The US beef industry is expecting to target Taiwan with a large promotional campaign, following the recent moves by the government to restrict US beef exports, writes TheCattleSite senior editor, Chris Harris.


US Meat Export Federation President and CEO Philip Seng.

The move by Taiwan came in an amendment to the country's food sanitation laws that banned all ground beef and offals from the US and any other country that has had a case of BSE.

The new amendment restricted US beef imports to products from cattle under 30 months of age.

The US had negotiated a new protocol with Taiwan in October last year and the US beef industry was voluntarily excluding ground beef and offal from shipments and restricting them to products from cattle under 30 months of age.

Speaking to TheCattleSite during the recent National Cattlemen's Beef Association annual convention in San Antonio, US Meat Export Federation President and CEO Philip Seng said that the move by the Taiwanese legislature was disappointing and was also based on no scientific basis.

"There is an issue with Taiwan.
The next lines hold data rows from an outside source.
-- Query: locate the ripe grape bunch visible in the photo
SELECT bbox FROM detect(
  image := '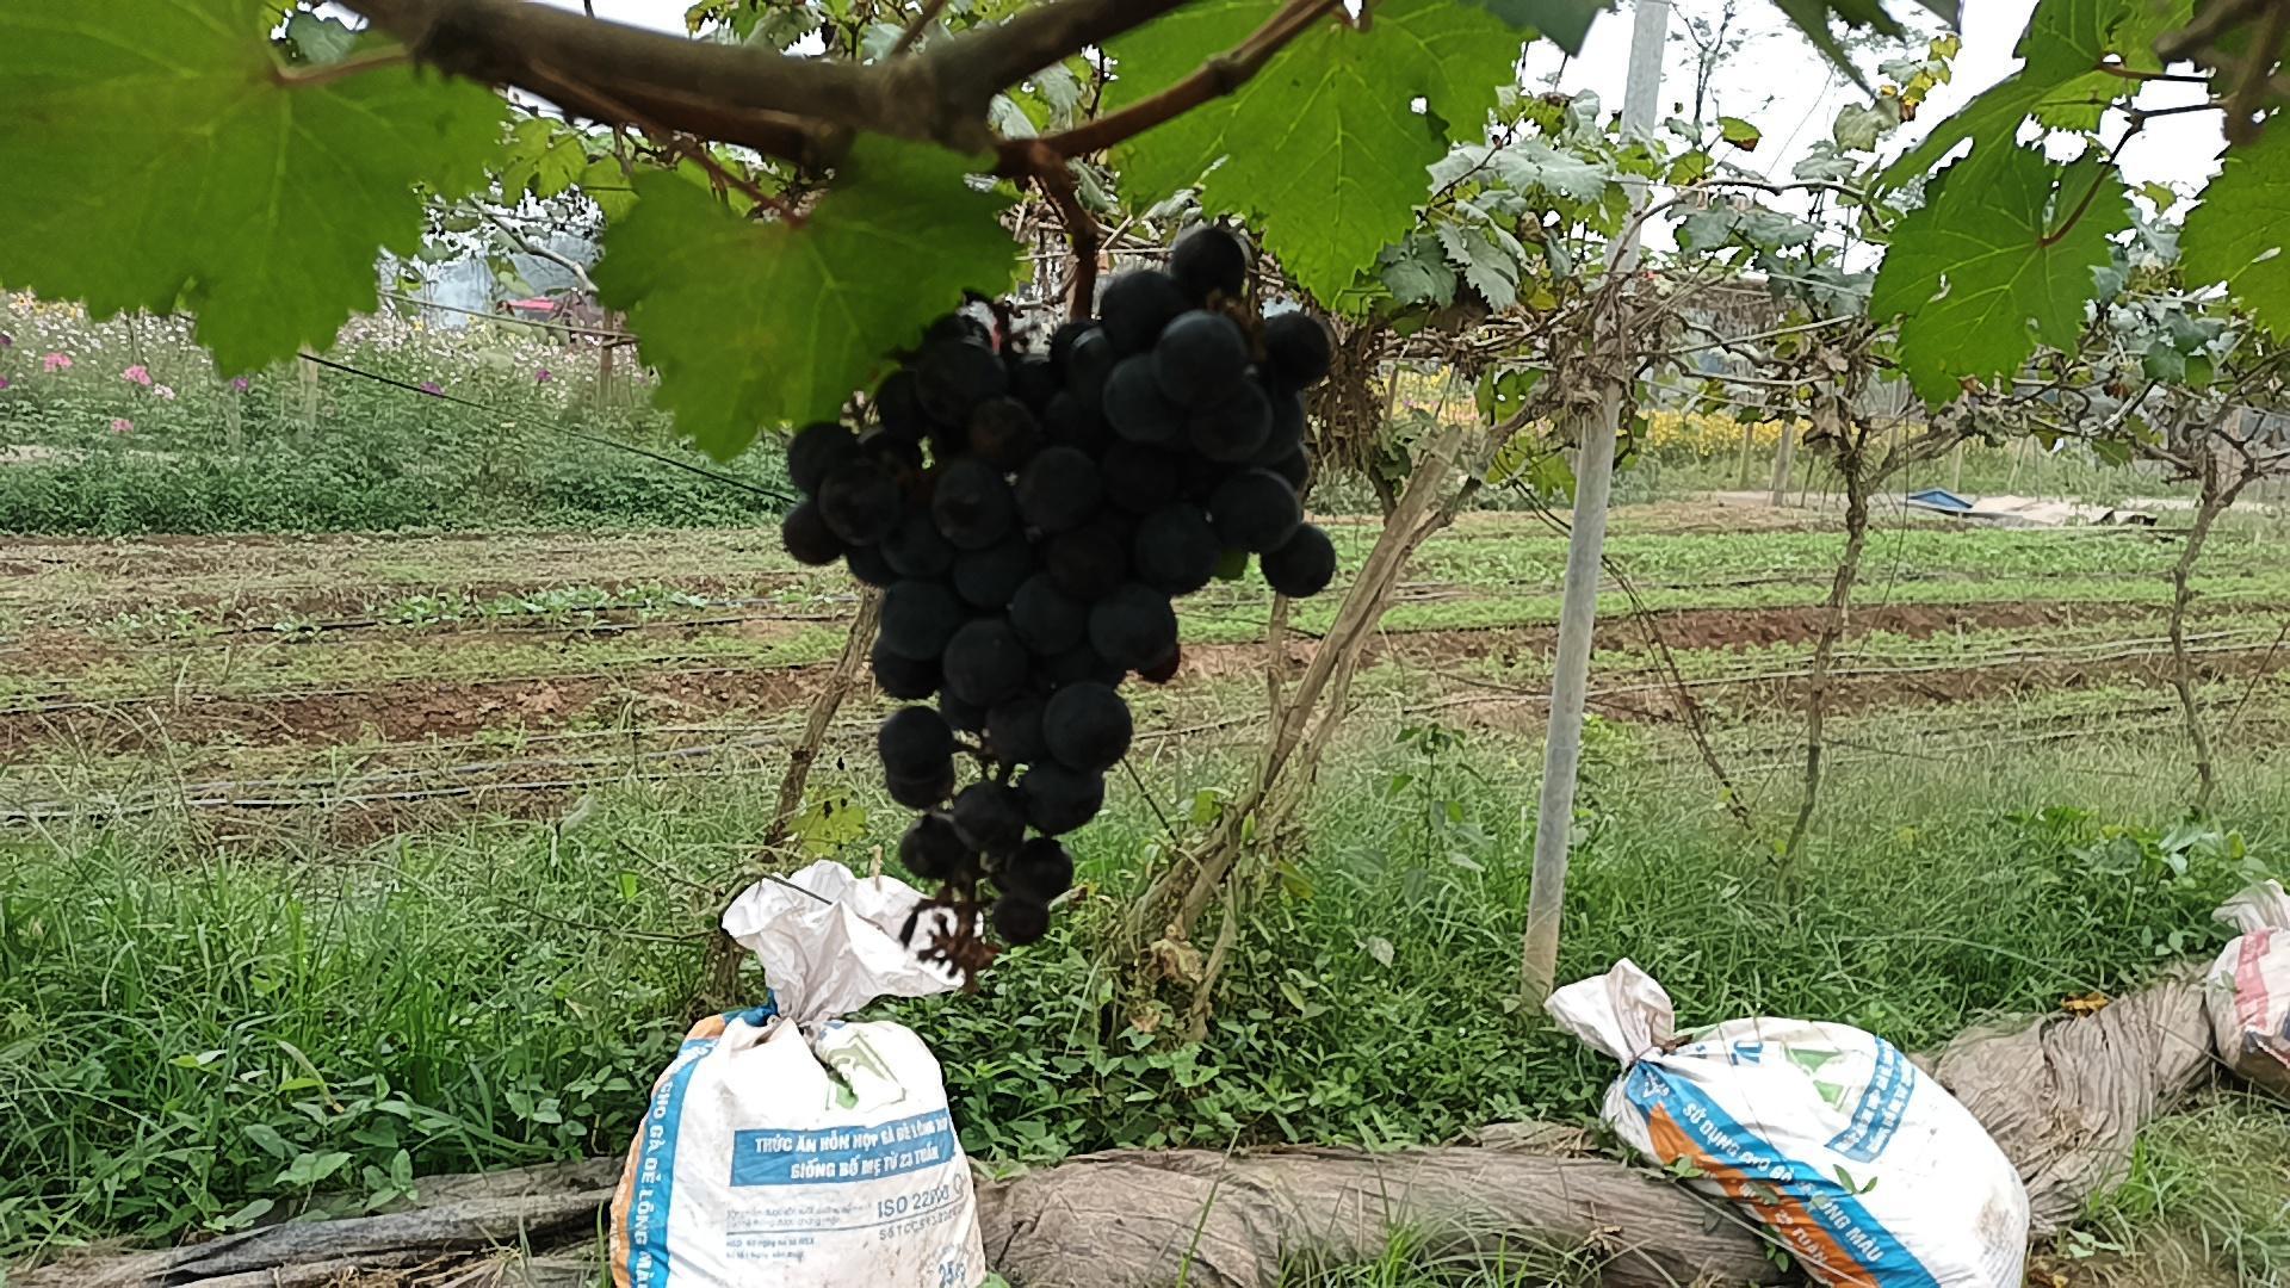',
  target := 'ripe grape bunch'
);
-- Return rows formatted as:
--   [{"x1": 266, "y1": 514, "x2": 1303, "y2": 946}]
[{"x1": 782, "y1": 227, "x2": 1335, "y2": 943}]

The legislators want to renegotiate the agreement and they want to put in legislation that is bad as far as we are concerned," he said.

He added that the US industry will be maintaining its stance and will be working to reassure consumers and ensure that it retains the confidence of the consumers.
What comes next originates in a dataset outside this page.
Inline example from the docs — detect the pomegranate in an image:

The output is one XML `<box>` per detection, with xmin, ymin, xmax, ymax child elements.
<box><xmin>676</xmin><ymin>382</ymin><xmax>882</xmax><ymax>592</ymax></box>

"We will look to put extra dollars into Taiwan," Mr Seng added.

"It has been an important market since it opened in 2005. The amount of exports have been eclipsed every year and in all I am encouraged by the Taiwanese market."

The USMEF figures to October last year show that the value of the Taiwanese market to the US was $114.3 million - the sixth largest in value and six per cent up on the same period and total exports last year are expected to hit record highs.

Countering Image Concerns in South Korea

US beef exports have also experienced difficulties in the South Korean market with consumer concerns about the image of the product.

"We launched the Two Trust campaign highlighting product care and processing care," said Mr Seng.

"Trust is the big thing.

"We have put extra money into the Two Trust campaign and we have done very well in the retail sector."

Mr Seng said that historically South Korea has been a strong market for the US and in 2003 it had hit a 67 per cent market share.

The campaign consists of a series of television, poster and bus advertisements with the theme of trust in the products and portraying a positive image of US beef.

The result is that the amount that is being exported to South Korea is going up reaching 1,500 tonnes a week, Mr Seng said.

He said that total exports to Korea are expected to reach 100,000 tonnes.

Exchange Rates and Competition

One of the major factors that has started to boost US exports in the region has been the effects of the current financial crisis and the currency devaluation.

He said trade had benefitted fro the Yuan getting stronger and the strength of the Australian dollar as the Australian beef industry is the main competitor to the US in South East Asian markets.

"The markets are starting to sort themselves out," Mr Seng said.

"The Asian markets are up by 21 per cent and the Japanese market is up by 25 per cent.

"We are very encouraged by the Asian markets."

He added: "Our prices are lower than others and we want to be competitive on prices."